The room grew heavier with silence. Pranav's mind swirled, the storm of anger, confusion, and realization building into a perfect intensity. His mother had survived. She had been alive somewhere, hidden, for all these years. And every step he had taken, every lead he had chased, had been guiding him closer to her without him even knowing it.
He leaned forward again, voice controlled but sharp. "I need names. Every person involved, every facilitator, every accomplice. Even partial information. If she's alive, I need to find her before they realize we're onto them."
Mitchell's eyes flicked nervously to the window. "I can give you some names," he said finally. "But be careful. This isn't a game. Every person you confront knows more than you think. Some of them… some of them will kill to protect the plan."
Pranav's heartbeat quickened. Danger was no longer theoretical; it was imminent. But he felt no fear, only the controlled, burning intensity of purpose. "Then give me everything," he said. "And if anyone gets in the way… they'll regret it."

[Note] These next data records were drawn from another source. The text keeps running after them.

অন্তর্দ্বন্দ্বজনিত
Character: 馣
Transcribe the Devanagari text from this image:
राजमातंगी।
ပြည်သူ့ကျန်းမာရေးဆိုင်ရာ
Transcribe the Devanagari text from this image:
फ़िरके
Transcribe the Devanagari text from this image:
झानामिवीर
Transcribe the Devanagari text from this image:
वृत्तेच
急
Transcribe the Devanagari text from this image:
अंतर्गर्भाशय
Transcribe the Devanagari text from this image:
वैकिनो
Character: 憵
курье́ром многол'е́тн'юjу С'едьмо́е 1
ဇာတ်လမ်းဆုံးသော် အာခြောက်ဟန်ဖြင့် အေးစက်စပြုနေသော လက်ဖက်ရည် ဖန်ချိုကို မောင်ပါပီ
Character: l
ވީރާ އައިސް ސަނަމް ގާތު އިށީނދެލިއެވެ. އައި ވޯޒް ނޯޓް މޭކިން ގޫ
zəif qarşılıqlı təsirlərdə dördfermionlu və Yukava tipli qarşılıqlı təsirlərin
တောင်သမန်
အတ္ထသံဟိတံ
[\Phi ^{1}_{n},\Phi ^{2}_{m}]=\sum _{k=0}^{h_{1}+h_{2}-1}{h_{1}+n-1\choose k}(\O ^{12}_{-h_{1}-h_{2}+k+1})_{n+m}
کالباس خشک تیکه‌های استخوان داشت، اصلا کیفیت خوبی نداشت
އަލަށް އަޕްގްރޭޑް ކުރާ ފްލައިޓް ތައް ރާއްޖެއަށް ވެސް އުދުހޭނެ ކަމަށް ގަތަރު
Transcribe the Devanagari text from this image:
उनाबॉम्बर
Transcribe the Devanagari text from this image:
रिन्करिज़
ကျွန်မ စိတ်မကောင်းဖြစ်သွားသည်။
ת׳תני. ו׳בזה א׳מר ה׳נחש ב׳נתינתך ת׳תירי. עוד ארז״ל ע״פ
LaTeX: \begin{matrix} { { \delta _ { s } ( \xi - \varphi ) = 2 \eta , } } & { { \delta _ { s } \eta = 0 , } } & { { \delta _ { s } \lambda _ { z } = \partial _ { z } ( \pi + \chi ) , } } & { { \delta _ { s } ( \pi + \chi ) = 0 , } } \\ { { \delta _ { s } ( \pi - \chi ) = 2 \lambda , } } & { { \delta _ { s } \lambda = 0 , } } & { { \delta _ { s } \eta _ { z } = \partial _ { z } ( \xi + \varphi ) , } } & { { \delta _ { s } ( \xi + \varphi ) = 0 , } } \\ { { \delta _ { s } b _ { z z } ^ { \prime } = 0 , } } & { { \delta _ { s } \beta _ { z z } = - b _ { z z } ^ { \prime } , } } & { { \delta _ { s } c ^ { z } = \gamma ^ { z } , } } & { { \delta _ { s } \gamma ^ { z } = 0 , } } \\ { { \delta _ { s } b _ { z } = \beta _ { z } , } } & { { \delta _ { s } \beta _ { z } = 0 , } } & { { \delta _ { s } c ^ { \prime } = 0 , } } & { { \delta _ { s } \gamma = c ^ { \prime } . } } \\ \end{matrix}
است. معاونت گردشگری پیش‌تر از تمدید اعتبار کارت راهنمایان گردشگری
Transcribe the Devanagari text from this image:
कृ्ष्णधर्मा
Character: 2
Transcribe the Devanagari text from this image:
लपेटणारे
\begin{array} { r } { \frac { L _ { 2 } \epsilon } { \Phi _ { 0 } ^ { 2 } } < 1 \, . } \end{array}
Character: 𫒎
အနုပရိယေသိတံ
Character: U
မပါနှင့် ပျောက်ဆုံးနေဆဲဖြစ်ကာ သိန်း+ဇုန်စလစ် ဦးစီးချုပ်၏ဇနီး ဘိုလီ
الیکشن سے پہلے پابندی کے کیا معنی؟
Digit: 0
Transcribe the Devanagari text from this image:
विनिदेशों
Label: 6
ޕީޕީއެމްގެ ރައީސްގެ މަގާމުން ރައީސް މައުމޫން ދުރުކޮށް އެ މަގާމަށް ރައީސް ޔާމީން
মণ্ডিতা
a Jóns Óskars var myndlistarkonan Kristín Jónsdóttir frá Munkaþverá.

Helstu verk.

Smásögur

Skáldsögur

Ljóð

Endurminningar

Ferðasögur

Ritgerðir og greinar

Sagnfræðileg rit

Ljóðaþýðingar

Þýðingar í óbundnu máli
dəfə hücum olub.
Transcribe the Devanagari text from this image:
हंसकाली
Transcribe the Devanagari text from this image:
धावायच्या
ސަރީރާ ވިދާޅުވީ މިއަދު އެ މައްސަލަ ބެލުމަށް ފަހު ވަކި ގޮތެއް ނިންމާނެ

Mitchell nodded slowly, pulling a folder from a drawer. He handed it across the table to Pranav. "Start here," he said. "These are partial connections—people who facilitated logistics, communications, and medical oversight. It's not complete, but it's enough to begin."
Pranav opened the folder carefully, his eyes scanning the pages. Each name, each note, each cross-reference was a spark, lighting the path toward the truth. He felt the rush of adrenaline, the electric clarity of purpose. Every step, every detail, every revelation was drawing him closer to his mother—and closer to the shadows lurking behind the chaos.

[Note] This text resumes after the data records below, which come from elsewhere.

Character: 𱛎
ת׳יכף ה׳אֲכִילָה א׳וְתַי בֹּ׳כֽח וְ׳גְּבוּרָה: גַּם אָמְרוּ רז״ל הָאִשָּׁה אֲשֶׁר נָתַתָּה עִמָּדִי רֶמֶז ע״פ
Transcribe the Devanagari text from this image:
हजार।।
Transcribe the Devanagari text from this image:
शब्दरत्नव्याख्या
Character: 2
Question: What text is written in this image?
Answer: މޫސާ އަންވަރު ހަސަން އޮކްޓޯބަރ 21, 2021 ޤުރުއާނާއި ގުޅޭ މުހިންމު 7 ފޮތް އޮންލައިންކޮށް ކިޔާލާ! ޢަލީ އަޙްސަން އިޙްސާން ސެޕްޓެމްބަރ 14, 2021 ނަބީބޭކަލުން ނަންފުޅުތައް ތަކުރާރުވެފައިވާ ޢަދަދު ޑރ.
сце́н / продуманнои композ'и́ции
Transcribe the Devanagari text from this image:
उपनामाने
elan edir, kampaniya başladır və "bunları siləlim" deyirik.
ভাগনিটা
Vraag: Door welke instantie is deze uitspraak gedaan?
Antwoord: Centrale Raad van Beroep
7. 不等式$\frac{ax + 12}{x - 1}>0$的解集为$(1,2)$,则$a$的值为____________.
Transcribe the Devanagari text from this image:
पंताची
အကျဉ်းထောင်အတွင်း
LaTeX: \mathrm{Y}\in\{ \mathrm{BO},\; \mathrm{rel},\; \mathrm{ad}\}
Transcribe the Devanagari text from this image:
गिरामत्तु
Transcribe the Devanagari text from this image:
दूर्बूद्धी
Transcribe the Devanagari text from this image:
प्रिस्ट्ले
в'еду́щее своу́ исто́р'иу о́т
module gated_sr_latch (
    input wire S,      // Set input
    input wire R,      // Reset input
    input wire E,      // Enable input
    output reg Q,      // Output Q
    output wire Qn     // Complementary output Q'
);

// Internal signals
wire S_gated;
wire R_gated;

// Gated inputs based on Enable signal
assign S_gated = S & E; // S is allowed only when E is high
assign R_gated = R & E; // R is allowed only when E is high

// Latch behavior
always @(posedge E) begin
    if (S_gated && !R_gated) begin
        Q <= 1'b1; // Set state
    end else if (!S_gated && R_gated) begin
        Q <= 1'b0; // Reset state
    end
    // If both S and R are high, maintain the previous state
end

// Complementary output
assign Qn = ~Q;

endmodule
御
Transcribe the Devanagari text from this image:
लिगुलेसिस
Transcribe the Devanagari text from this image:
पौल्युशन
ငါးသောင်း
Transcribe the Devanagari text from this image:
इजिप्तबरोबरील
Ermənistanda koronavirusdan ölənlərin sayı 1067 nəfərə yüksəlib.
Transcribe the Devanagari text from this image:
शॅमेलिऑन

As he closed the folder, he glanced at Mitchell, who remained seated, composed but wary. "One more thing," Pranav said. "If I find out you withheld anything…"
Mitchell raised a hand, interrupting him. "You won't. I've given you everything I can. That's all I know, all I've been told, all I've seen. Beyond this… you're on your own."
Pranav didn't flinch. He knew the risks, and he welcomed them. Every shadow, every secret, every danger only sharpened his focus. He pocketed the folder, straightened his back, and looked at Mitchell one last time. "Thank you. But I won't stop. Not until I bring her home."
As he stepped out into the cool Canberra night, the city lights flickering like distant stars, Pranav realized one immutable truth: the web of lies was larger than he had imagined. But he was ready. And no shadow, no manipulation, no orchestrated chaos would stop him from finding his mother.
The paths were diverging, yes—but he would walk every path, confront every lie, and expose every secret. The shadows in Canberra were deep, but his resolve burned brighter than any darkness.
And somewhere in that tangle of secrets, his mother waited.